Any help would be appreciated. Thank you.

Not enough context to say for sure what’s happening. Your WiFi RSSI could be better, so anything that is dependent on WiFi can take longer.

You say you are doing queries. When the IoTaWatt is responding to a query, it is not sampling or recording data. In fact it does nothing else during the query. That’s because of the way the web server works. There is an async web server available but it doesn’t seem to be supported anymore and using it also causes other issues with interrupting sampling.

Because it monopolizes the processor, queries are limited to 1,000 lines (intervals), and that generally keeps queries short enough to cause no problems. There is a limit parameter that can be used to increase or completely override default limit. If you are using that, there is a good chance that is causing this issue.

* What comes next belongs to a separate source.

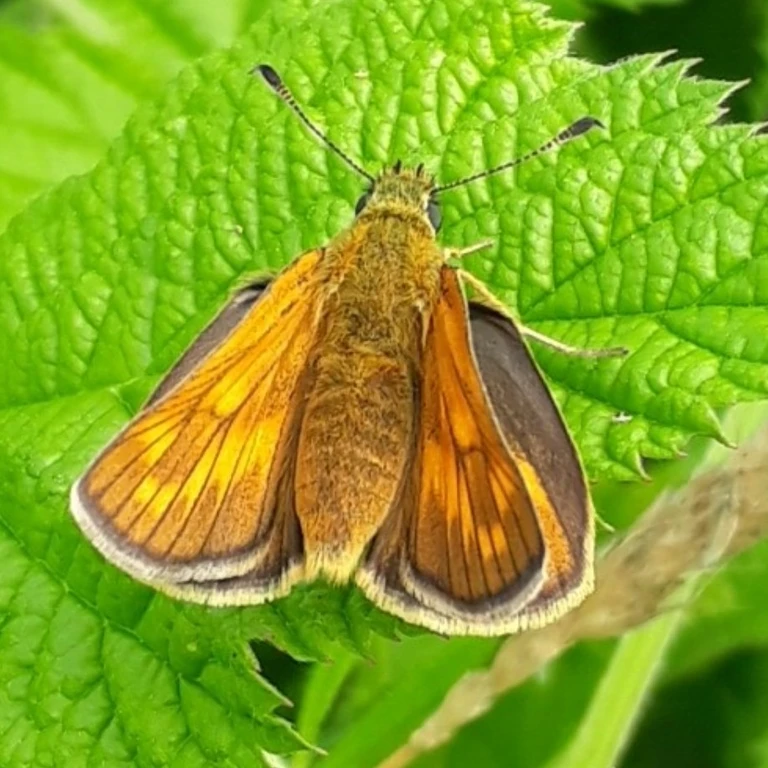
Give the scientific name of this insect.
Ochlodes sylvanus (also Ochlodes venata)

First off, thanks for the quick reply and an awesome product.

I assumed that might be the case, and started uploading to influx to run my queries, so the only thing querying is the Home Assistant integration. I do however find it odd that it seems to occasionally not have data in the log for several minutes, which seems to be more than just a blocking query.

That said, it occurs to me that I ran the system for a couple days next to my couch with 1 input as a test, and that has no data gaps. From then to now it has moved location (South African houses are a pain for this kind of installation) and added 11 inputs. This is a good start for debugging the issue.

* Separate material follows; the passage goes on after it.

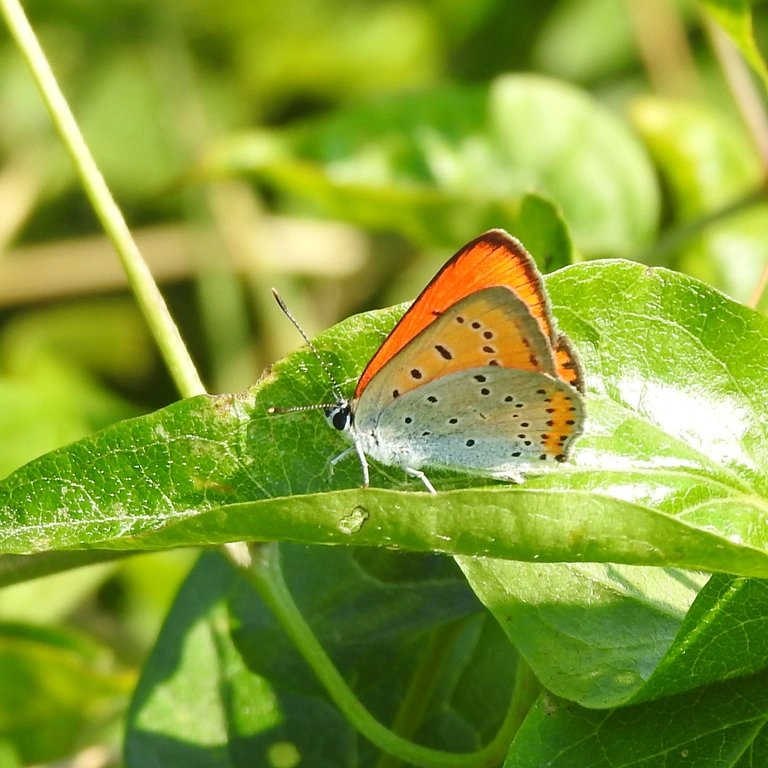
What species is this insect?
Lycaena dispar

The 5 minute gap corresponds to the timeout interval for the datalog watchdog timer (WDT). So the system was monopolized for five minutes to trigger the WDT. The trace from the message log shows that the IoTaWatt had just completed a query. It’s suspicious that the query had just completed, and may indicate that there was a WiFi issue sending the last of the data.

The two minute gap at 08:01:00 has no corresponding message log activity, so I assume it is just a query that took about two minutes.

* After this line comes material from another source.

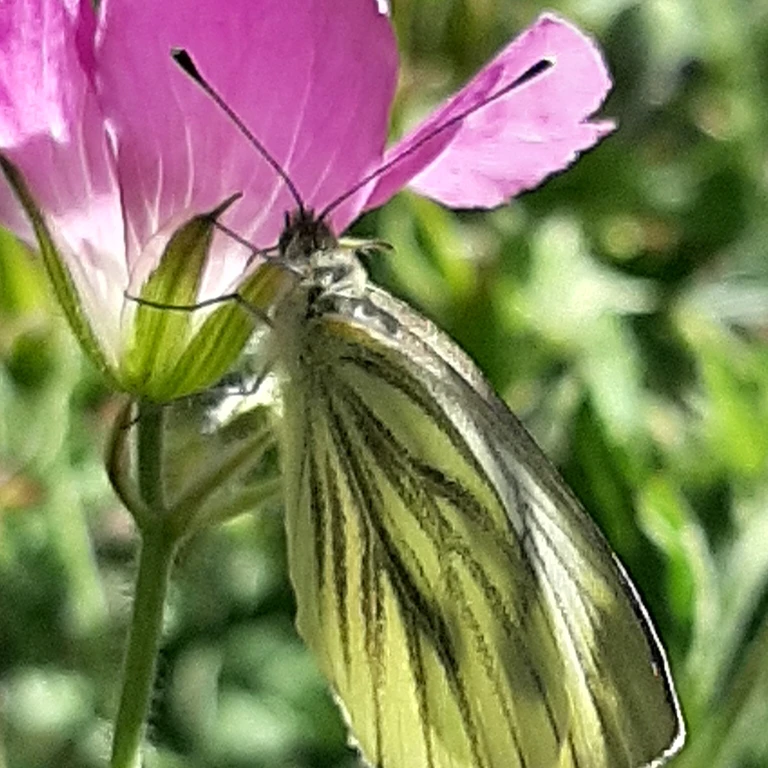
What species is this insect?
Pieris napi
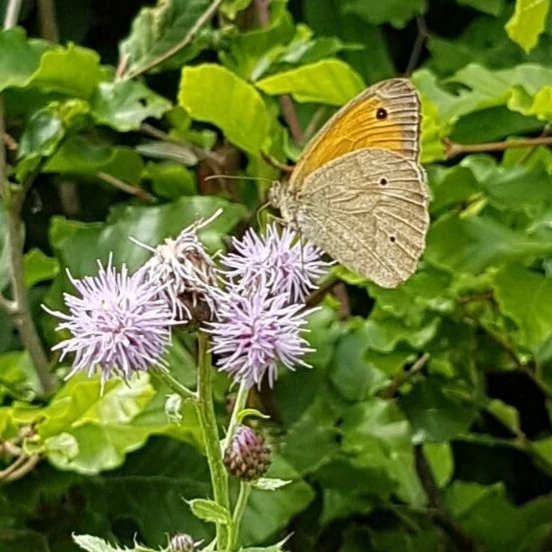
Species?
Maniola jurtina

The HA queries are very short and should present no problems. Uploads to influxDB are not queries, operate asynchronously and would not monopolize the system or effect sampling. If you intend on doing large queries, influxDB is a faster, safer and more robust way to do it.

:man_facepalming: I found the issue and it is dumb.

When I setup the system I did it on my work Macbook Pro as it is across the hall from my DB board. I was showing the system to my Electrician (and he was very impressed, hopefully a growing market in South Africa for you) and had a query on refresh. The query was only for 1 hour, but Macbooks wake up every now and again to check things. They turn the Wifi on, do their checks and then go back to sleep. When the Wifi was turned on the browser with the query running would run the query, then the Wifi would be turned off again, I guess meaning the query could not complete, timing the Watchdog out obviously. I have not used that machine since I was setting it up. This did not occur to me until you mentioned that the query basically completes. After closing the tab there have been zero system restarts and no data gaps.

I am so sorry to have wasted your time for such a dumb thing although I am glad the issue was my stupidity and not something more difficult to fix.

Not a problem. Thanks for the closure.